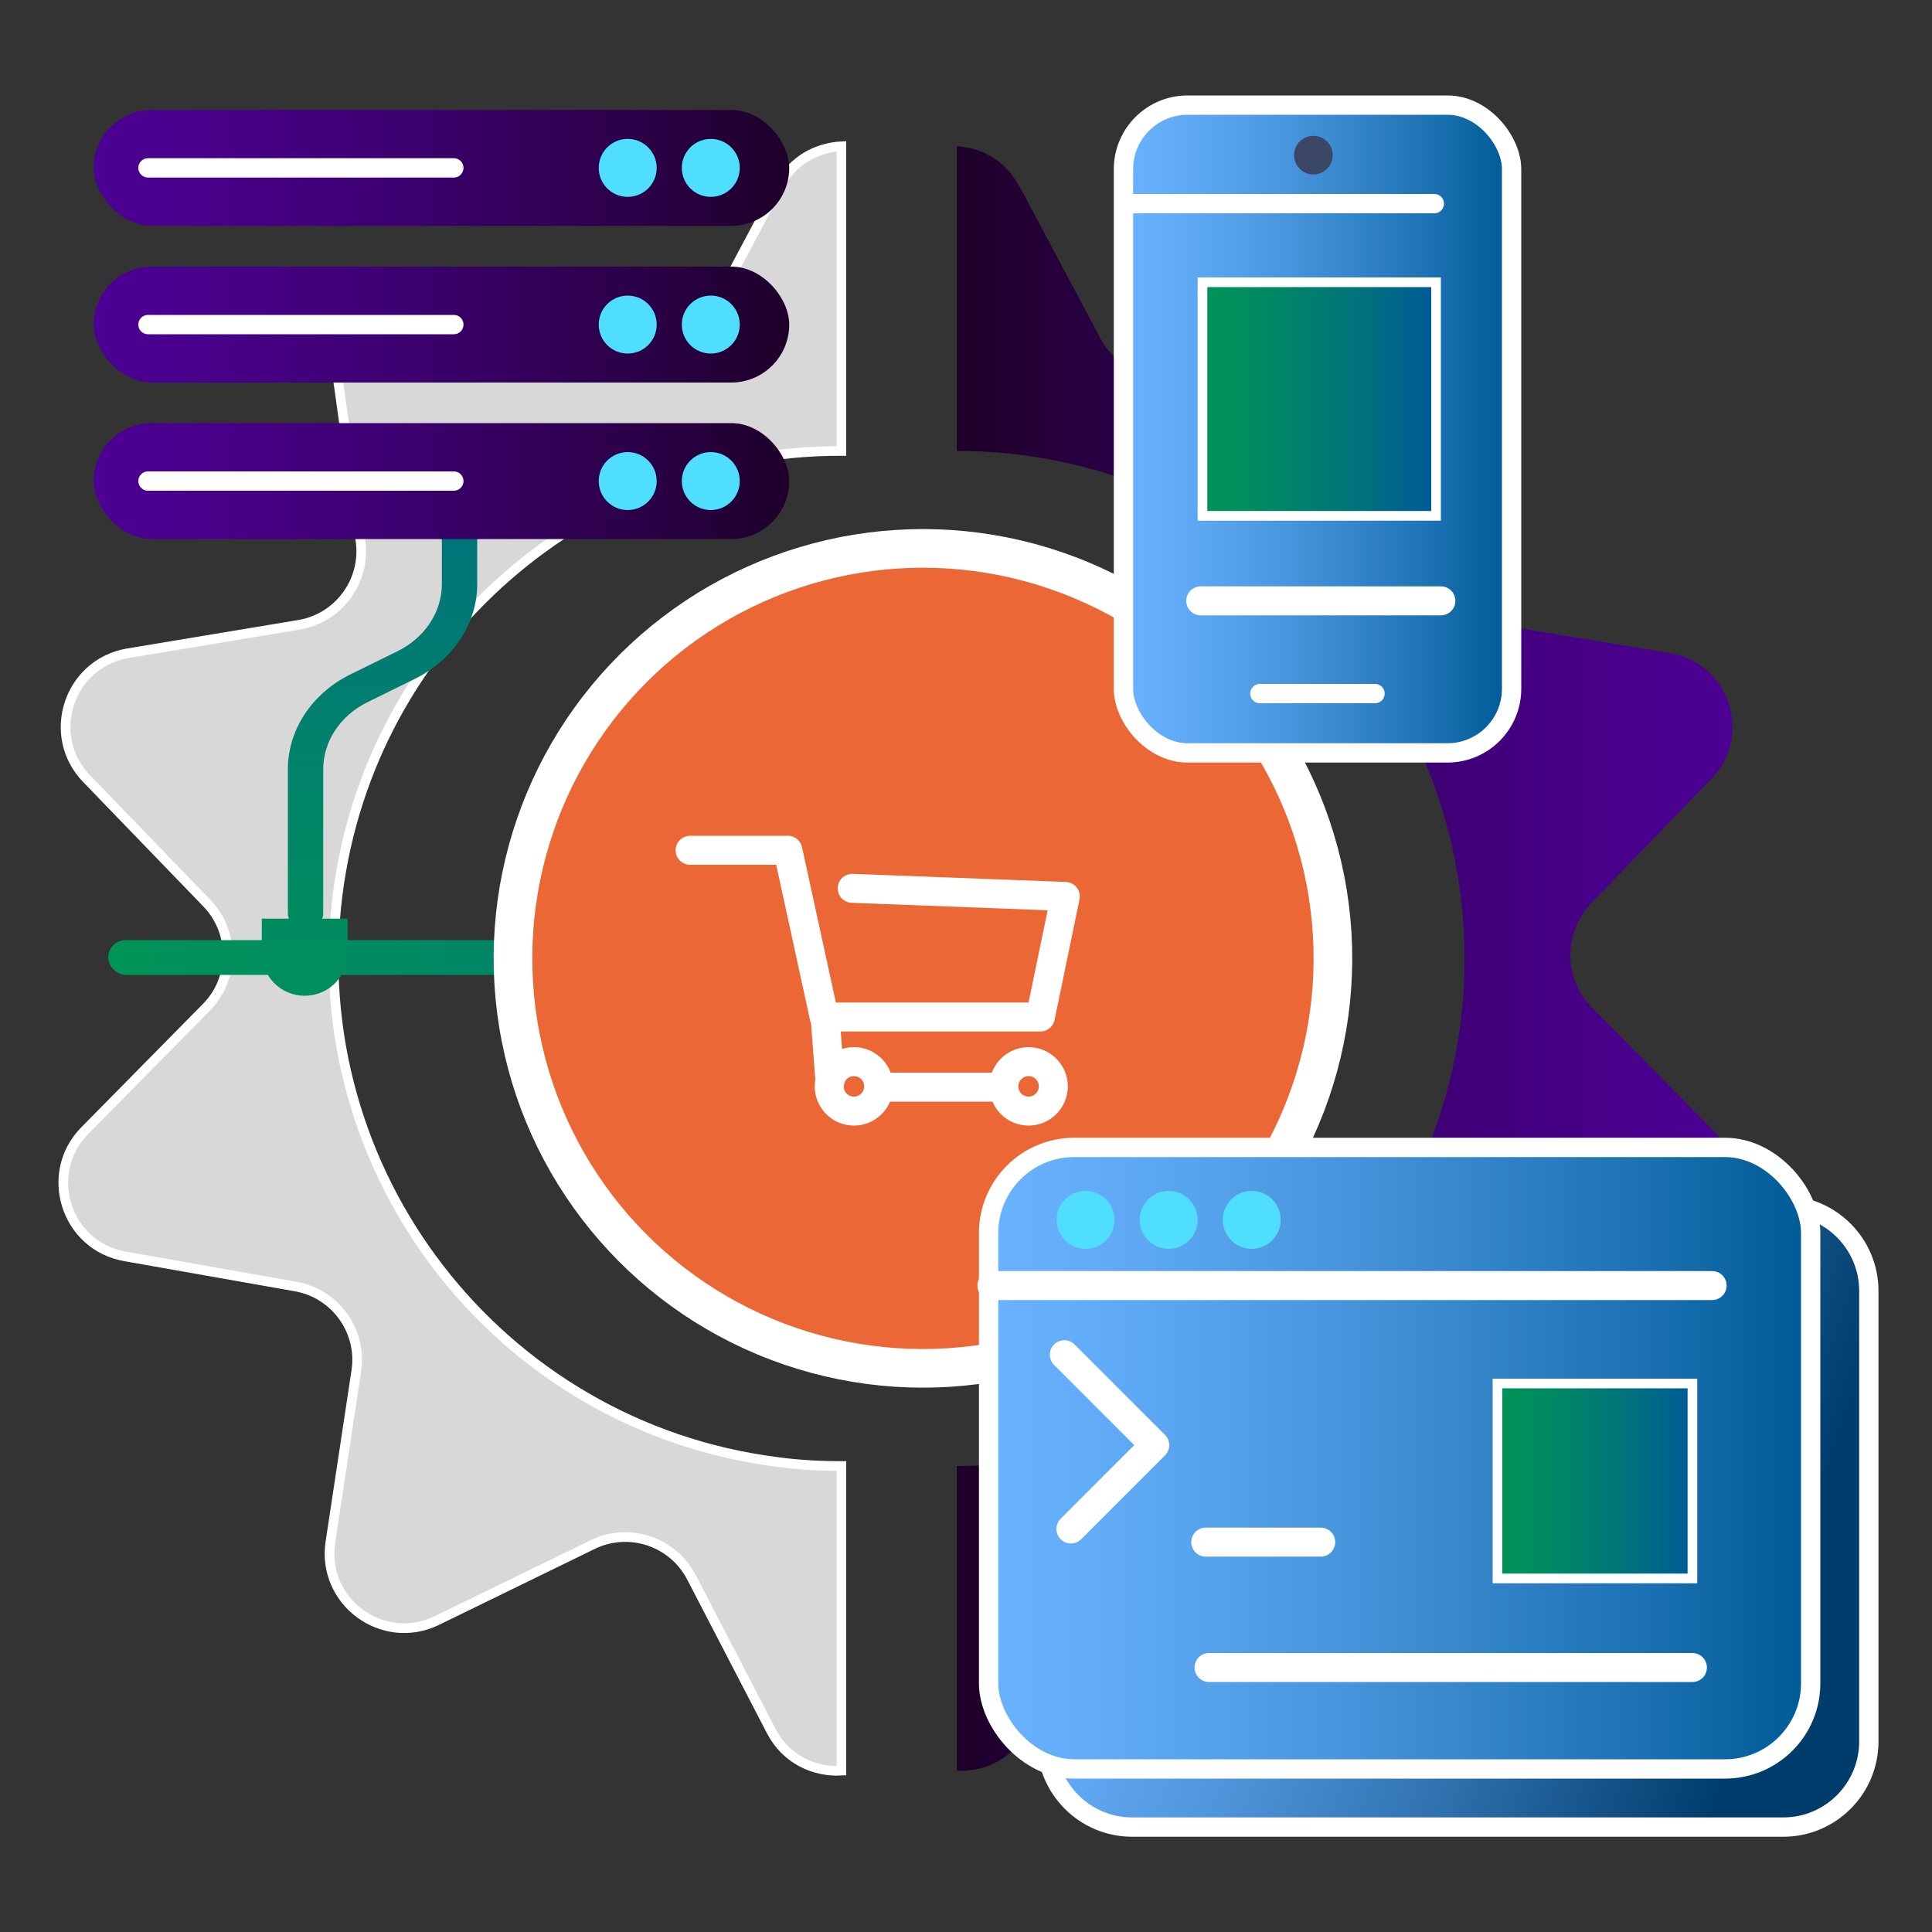 <?xml version="1.0" encoding="UTF-8"?>
<svg xmlns="http://www.w3.org/2000/svg" xmlns:xlink="http://www.w3.org/1999/xlink" id="Layer_1" viewBox="0 0 100 100">
  <rect x="0" y="0" width="100" height="100" fill="#333333" stroke="none"/>
  <defs>
    <linearGradient id="linear-gradient" x1="-2.26" y1="49.61" x2="38" y2="49.61" gradientTransform="translate(87.54) rotate(-180) scale(1 -1)" gradientUnits="userSpaceOnUse">
      <stop offset="0" stop-color="#4d0094"></stop>
      <stop offset=".16" stop-color="#48008a"></stop>
      <stop offset=".43" stop-color="#3d0071"></stop>
      <stop offset=".78" stop-color="#2b0048"></stop>
      <stop offset=".99" stop-color="#1e002a"></stop>
    </linearGradient>
    <linearGradient id="linear-gradient-2" x1="5.6" y1="49.56" x2="66.49" y2="49.56" gradientUnits="userSpaceOnUse">
      <stop offset="0" stop-color="#009458"></stop>
      <stop offset=".24" stop-color="#008b61"></stop>
      <stop offset=".64" stop-color="#00747a"></stop>
      <stop offset=".99" stop-color="#005b97"></stop>
    </linearGradient>
    <linearGradient id="linear-gradient-3" x1="56.36" y1="72.01" x2="92.04" y2="84.1" gradientUnits="userSpaceOnUse">
      <stop offset="0" stop-color="#6ab2ff"></stop>
      <stop offset=".13" stop-color="#63aaf5"></stop>
      <stop offset=".34" stop-color="#5096dc"></stop>
      <stop offset=".62" stop-color="#3274b2"></stop>
      <stop offset=".93" stop-color="#094779"></stop>
      <stop offset="1" stop-color="#003d6d"></stop>
    </linearGradient>
    <linearGradient id="linear-gradient-4" x1="51.17" y1="75.48" x2="93.72" y2="75.48" gradientUnits="userSpaceOnUse">
      <stop offset="0" stop-color="#6ab2ff"></stop>
      <stop offset=".16" stop-color="#60aaf5"></stop>
      <stop offset=".43" stop-color="#4795dc"></stop>
      <stop offset=".78" stop-color="#1e73b4"></stop>
      <stop offset=".99" stop-color="#005b97"></stop>
    </linearGradient>
    <linearGradient id="linear-gradient-5" x1="77.51" y1="76.65" x2="87.6" y2="76.65" xlink:href="#linear-gradient-2"></linearGradient>
    <linearGradient id="linear-gradient-6" x1="58.15" y1="22.2" x2="78.24" y2="22.2" xlink:href="#linear-gradient-4"></linearGradient>
    <linearGradient id="linear-gradient-7" x1="62.24" y1="20.65" x2="74.32" y2="20.65" xlink:href="#linear-gradient-2"></linearGradient>
    <linearGradient id="linear-gradient-8" x1="4.85" y1="8.69" x2="40.85" y2="8.69" gradientTransform="matrix(1,0,0,1,0,0)" xlink:href="#linear-gradient"></linearGradient>
    <linearGradient id="linear-gradient-9" x1="21.75" y1="62.41" x2="69.93" y2="62.41" gradientTransform="translate(-42.57 80.12) rotate(-90)" xlink:href="#linear-gradient-2"></linearGradient>
    <linearGradient id="linear-gradient-10" x1="4.85" y1="16.8" x2="40.85" y2="16.8" gradientTransform="matrix(1,0,0,1,0,0)" xlink:href="#linear-gradient"></linearGradient>
    <linearGradient id="linear-gradient-11" x1="4.85" y1="24.9" x2="40.85" y2="24.9" gradientTransform="matrix(1,0,0,1,0,0)" xlink:href="#linear-gradient"></linearGradient>
  </defs>
  <path d="m40.33,9.59l-4.21,7.91c-.98,1.85-3.26,2.58-5.13,1.64l-8.02-4.01c-2.78-1.39-5.98.91-5.55,3.99l1.24,8.88c.29,2.07-1.13,4-3.19,4.34l-8.84,1.47c-3.07.51-4.31,4.25-2.15,6.49l6.23,6.45c1.45,1.51,1.44,3.9-.03,5.39l-6.29,6.38c-2.18,2.21-.99,5.97,2.08,6.51l8.83,1.56c2.06.36,3.46,2.31,3.14,4.38l-1.34,8.86c-.46,3.07,2.71,5.41,5.51,4.05l8.06-3.93c1.88-.92,4.15-.17,5.12,1.69l4.13,7.96c.76,1.46,2.21,2.13,3.63,2.05v-15.77c-1.1,0-2.21-.06-3.33-.21-14.4-1.84-24.58-15-22.74-29.39,1.7-13.28,13.02-22.96,26.07-22.94V7.57c-1.27.07-2.51.72-3.2,2.02Z" style="fill:#d8d8d8; stroke:#fff; stroke-miterlimit:10; stroke-width:.5px;"></path>
  <path d="m52.74,9.59l4.21,7.91c.98,1.85,3.26,2.58,5.13,1.64l8.02-4.01c2.78-1.39,5.98.91,5.55,3.99l-1.24,8.88c-.29,2.07,1.13,4,3.19,4.34l8.84,1.47c3.07.51,4.31,4.25,2.15,6.49l-6.23,6.45c-1.45,1.51-1.44,3.9.03,5.39l6.29,6.38c2.18,2.21.99,5.97-2.08,6.51l-8.83,1.56c-2.06.36-3.46,2.31-3.14,4.38l1.34,8.86c.46,3.07-2.71,5.41-5.51,4.05l-8.06-3.93c-1.88-.92-4.15-.17-5.12,1.69l-4.13,7.96c-.76,1.46-2.21,2.13-3.63,2.05v-15.77c1.1,0,2.21-.06,3.33-.21,14.4-1.84,24.58-15,22.74-29.39-1.7-13.28-13.02-22.96-26.07-22.94V7.57c1.27.07,2.51.72,3.2,2.02Z" style="fill:url(#linear-gradient); stroke-width:0px;"></path>
  <rect x="5.6" y="48.66" width="60.89" height="1.8" rx=".9" ry=".9" style="fill:url(#linear-gradient-2); stroke-width:0px;"></rect>
  <circle cx="47.77" cy="49.61" r="21.22" transform="translate(-7.33 8.29) rotate(-9.22)" style="fill:#ec6736; stroke:#fff; stroke-miterlimit:10; stroke-width:2px;"></circle>
  <polyline points="35.72 44.01 40.78 44.01 42.66 52.64 53.85 52.64 55.14 46.4 44.11 45.98" style="fill:none; stroke:#fff; stroke-linecap:round; stroke-linejoin:round; stroke-width:1.5px;"></polyline>
  <circle cx="44.2" cy="56.23" r="1.28" style="fill:none; stroke:#fff; stroke-linecap:round; stroke-linejoin:round; stroke-width:1.5px;"></circle>
  <circle cx="53.24" cy="56.23" r="1.28" style="fill:none; stroke:#fff; stroke-linecap:round; stroke-linejoin:round; stroke-width:1.5px;"></circle>
  <line x1="45.78" y1="56.27" x2="51.72" y2="56.27" style="fill:none; stroke:#fff; stroke-linecap:round; stroke-linejoin:round; stroke-width:1.5px;"></line>
  <line x1="42.7" y1="52.56" x2="42.96" y2="55.97" style="fill:none; stroke:#fff; stroke-linecap:round; stroke-linejoin:round; stroke-width:1.5px;"></line>
  <path d="m92.3,62.39c2.44,0,4.43,1.98,4.43,4.43v23.32c0,2.44-1.98,4.43-4.43,4.43h-33.7c-2.44,0-4.43-1.98-4.43-4.43" style="fill:url(#linear-gradient-3); stroke:#fff; stroke-miterlimit:10;"></path>
  <rect x="51.17" y="59.39" width="42.55" height="32.17" rx="4.43" ry="4.43" style="fill:url(#linear-gradient-4); stroke:#fff; stroke-miterlimit:10;"></rect>
  <line x1="51.34" y1="66.54" x2="88.62" y2="66.54" style="fill:none; stroke:#fff; stroke-linecap:round; stroke-linejoin:round; stroke-width:1.5px;"></line>
  <circle cx="56.19" cy="63.14" r="1.5" style="fill:#50deff; stroke-width:0px;"></circle>
  <circle cx="60.49" cy="63.14" r="1.5" style="fill:#50deff; stroke-width:0px;"></circle>
  <circle cx="64.79" cy="63.14" r="1.5" style="fill:#50deff; stroke-width:0px;"></circle>
  <polyline points="55.09 70.12 59.77 74.8 55.43 79.14" style="fill:none; stroke:#fff; stroke-linecap:round; stroke-linejoin:round; stroke-width:1.5px;"></polyline>
  <line x1="62.41" y1="79.82" x2="68.36" y2="79.82" style="fill:none; stroke:#fff; stroke-linecap:round; stroke-linejoin:round; stroke-width:1.5px;"></line>
  <rect x="77.51" y="71.61" width="10.09" height="10.09" style="fill:url(#linear-gradient-5); stroke:#fff; stroke-miterlimit:10; stroke-width:.5px;"></rect>
  <line x1="62.58" y1="86.31" x2="87.6" y2="86.31" style="fill:none; stroke:#fff; stroke-linecap:round; stroke-linejoin:round; stroke-width:1.5px;"></line>
  <rect x="58.15" y="5.44" width="20.09" height="33.53" rx="3.32" ry="3.32" style="fill:url(#linear-gradient-6); stroke:#fff; stroke-miterlimit:10;"></rect>
  <line x1="65.21" y1="35.9" x2="71.17" y2="35.9" style="fill:none; stroke:#fff; stroke-linecap:round; stroke-linejoin:round;"></line>
  <line x1="58.41" y1="10.54" x2="74.24" y2="10.54" style="fill:none; stroke:#fff; stroke-linecap:round; stroke-linejoin:round;"></line>
  <line x1="62.15" y1="31.1" x2="74.58" y2="31.1" style="fill:none; stroke:#fff; stroke-linecap:round; stroke-linejoin:round; stroke-width:1.5px;"></line>
  <rect x="62.24" y="14.61" width="12.09" height="12.09" style="fill:url(#linear-gradient-7); stroke:#fff; stroke-miterlimit:10; stroke-width:.5px;"></rect>
  <circle cx="67.98" cy="8.03" r="1" style="fill:#3c4766; stroke-width:0px;"></circle>
  <rect x="4.85" y="5.69" width="36" height="6" rx="3" ry="3" style="fill:url(#linear-gradient-8); stroke-width:0px;"></rect>
  <circle cx="32.49" cy="8.69" r="1.5" style="fill:#50deff; stroke-width:0px;"></circle>
  <circle cx="36.79" cy="8.69" r="1.5" style="fill:#50deff; stroke-width:0px;"></circle>
  <line x1="7.66" y1="8.69" x2="23.49" y2="8.69" style="fill:none; stroke:#fff; stroke-linecap:round; stroke-linejoin:round;"></line>
  <path d="m16.68,47.55c.03-.08.05-.16.05-.24v-7.49c0-1.45.88-2.78,2.3-3.48l2.42-1.19c2-.98,3.25-2.87,3.25-4.92v-2.33c.82-.33,1.39-1.06,1.39-1.92,0-1.16-1.05-2.1-2.34-2.1s-2.34.94-2.34,2.1c0,.88.6,1.63,1.46,1.94v2.31c0,1.45-.88,2.78-2.3,3.48l-2.42,1.19c-2,.98-3.25,2.87-3.25,4.92v7.49c0,.09.03.17.05.24h-1.4v1.77c0,1.23.99,2.22,2.22,2.22h0c1.23,0,2.22-.99,2.22-2.22v-1.77h-1.33Z" style="fill:url(#linear-gradient-9); stroke-width:0px;"></path>
  <rect x="4.85" y="13.8" width="36" height="6" rx="3" ry="3" style="fill:url(#linear-gradient-10); stroke-width:0px;"></rect>
  <circle cx="32.49" cy="16.8" r="1.5" style="fill:#50deff; stroke-width:0px;"></circle>
  <circle cx="36.79" cy="16.8" r="1.5" style="fill:#50deff; stroke-width:0px;"></circle>
  <line x1="7.66" y1="16.8" x2="23.49" y2="16.8" style="fill:none; stroke:#fff; stroke-linecap:round; stroke-linejoin:round;"></line>
  <rect x="4.85" y="21.9" width="36" height="6" rx="3" ry="3" style="fill:url(#linear-gradient-11); stroke-width:0px;"></rect>
  <circle cx="32.49" cy="24.9" r="1.5" style="fill:#50deff; stroke-width:0px;"></circle>
  <circle cx="36.79" cy="24.9" r="1.5" style="fill:#50deff; stroke-width:0px;"></circle>
  <line x1="7.66" y1="24.9" x2="23.49" y2="24.9" style="fill:none; stroke:#fff; stroke-linecap:round; stroke-linejoin:round;"></line>
</svg>

— Your assignment —
Spot every line in the entries that includes the word "translate", and copy each one out.

— Answer area —
    <linearGradient id="linear-gradient" x1="-2.26" y1="49.61" x2="38" y2="49.61" gradientTransform="translate(87.54) rotate(-180) scale(1 -1)" gradientUnits="userSpaceOnUse">
    <linearGradient id="linear-gradient-9" x1="21.75" y1="62.41" x2="69.93" y2="62.41" gradientTransform="translate(-42.57 80.12) rotate(-90)" xlink:href="#linear-gradient-2"></linearGradient>
  <circle cx="47.77" cy="49.61" r="21.22" transform="translate(-7.33 8.29) rotate(-9.22)" style="fill:#ec6736; stroke:#fff; stroke-miterlimit:10; stroke-width:2px;"></circle>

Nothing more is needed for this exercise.